Un verano Argentina entró en guerra con Chile, dos naciones que tenían encendidas las máquinas de la muerte se enfrentarían por una cuestión de un canal con un nombre de un idioma que ninguno de los dos países habla y tres islas de las que sólo una de ellas tiene un nombre en un idioma que sí hablan sus pueblos. Es difícil de entender pero es más o menos así la cosa. Un verano largo, seco y polvoriento. El mismo verano mi padre fue a cobrar a Zapala, lo acompañé junto con mi abuelo materno, un tío y un amigo suyo en la camioneta azul, no es una tontería el viaje, La Rinconada, Ruta 40, nombres que ya me eran familiares.

La guerra parecía inminente, pero mi padre compró tierra para hacer una casa, muchos se ponían a resguardo, mi padre se aferrró a esa vida nueva con uñas y dientes. Ese verano parecía que volveríamos a nuestra antigua vida, pero nos aferramos a la nueva.
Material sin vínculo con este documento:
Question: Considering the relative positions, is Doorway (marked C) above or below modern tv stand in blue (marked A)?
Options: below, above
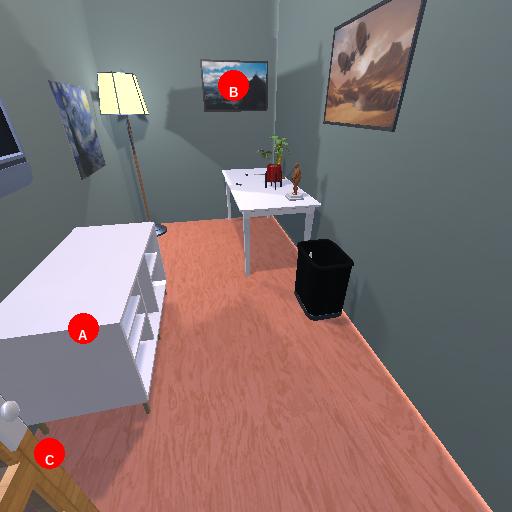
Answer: below
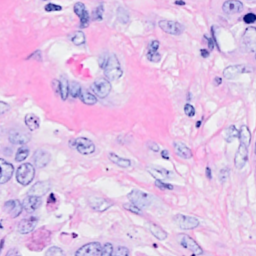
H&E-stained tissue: Breast
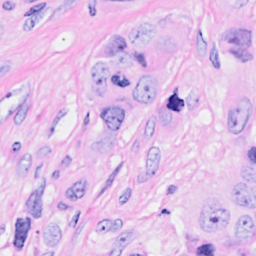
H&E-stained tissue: Breast
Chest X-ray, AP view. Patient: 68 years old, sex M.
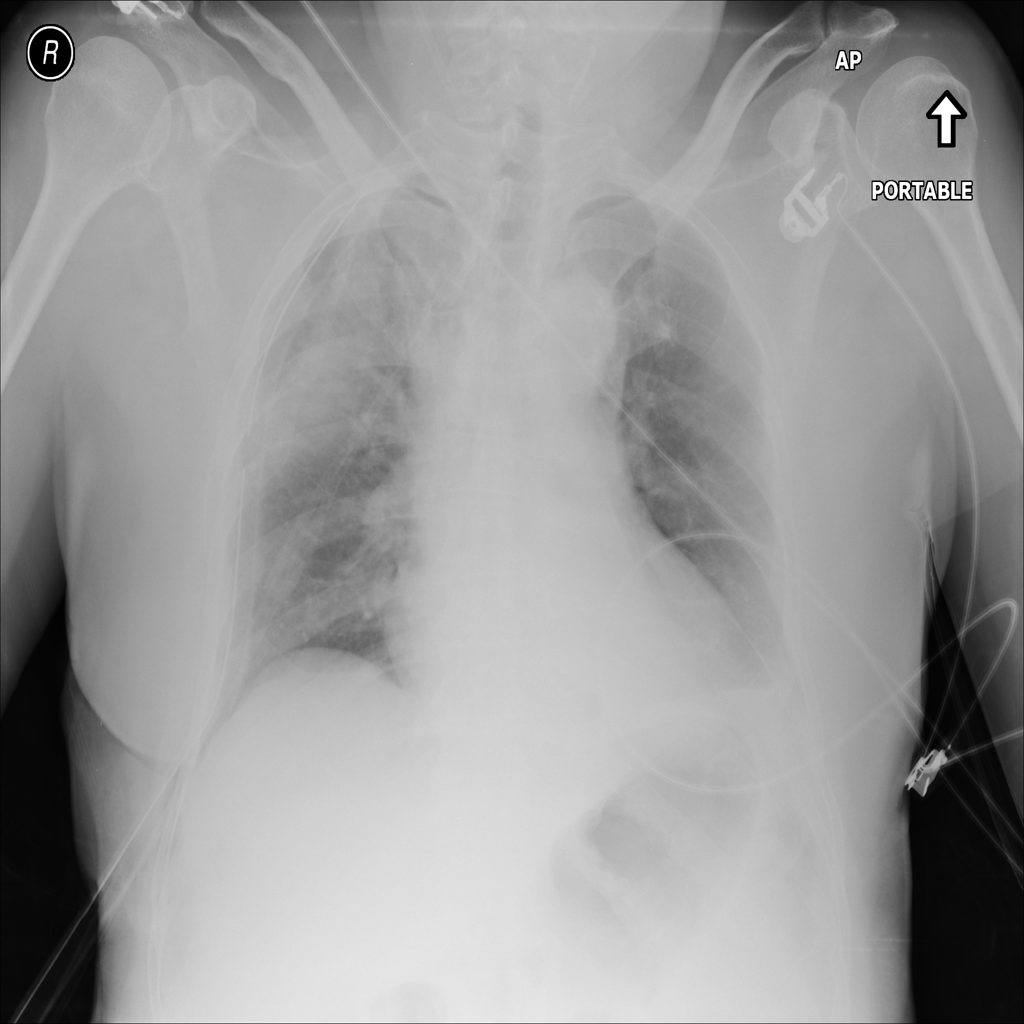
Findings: No Finding
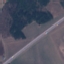
Label: Highway
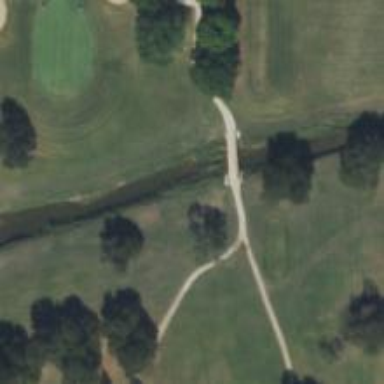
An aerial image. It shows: Path bridge over golf cartpath.
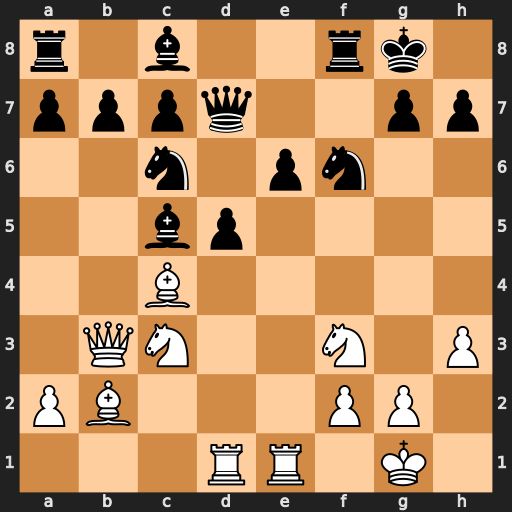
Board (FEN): r1b2rk1/pppq2pp/2n1pn2/2bp4/2B5/1QN2N1P/PB3PP1/3RR1K1
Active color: w
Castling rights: -
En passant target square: -
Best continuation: Nxd5 exd5 Bxf6 Kh8 Rxd5
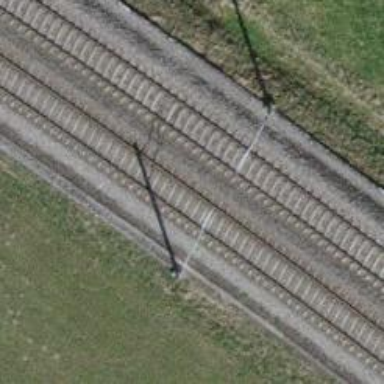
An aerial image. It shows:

Crecí con la sensación de estar en una isla, un mundo nuevo y un mundo viejo, todo lo que más quería y añoraba tan lejano, mi casa, mi calle… Aquí no tenía tres bisabuelos, cuatro abuelos, tantos tíos ni primos que contar con los dedos de las manos y los pies. Pero tenía amigos, y cuando sos niño, si sabés a que jugar tenés amigos. Así es la cosa, la vida nueva y la vieja vida. Y la idea del regreso cada vez más lejana.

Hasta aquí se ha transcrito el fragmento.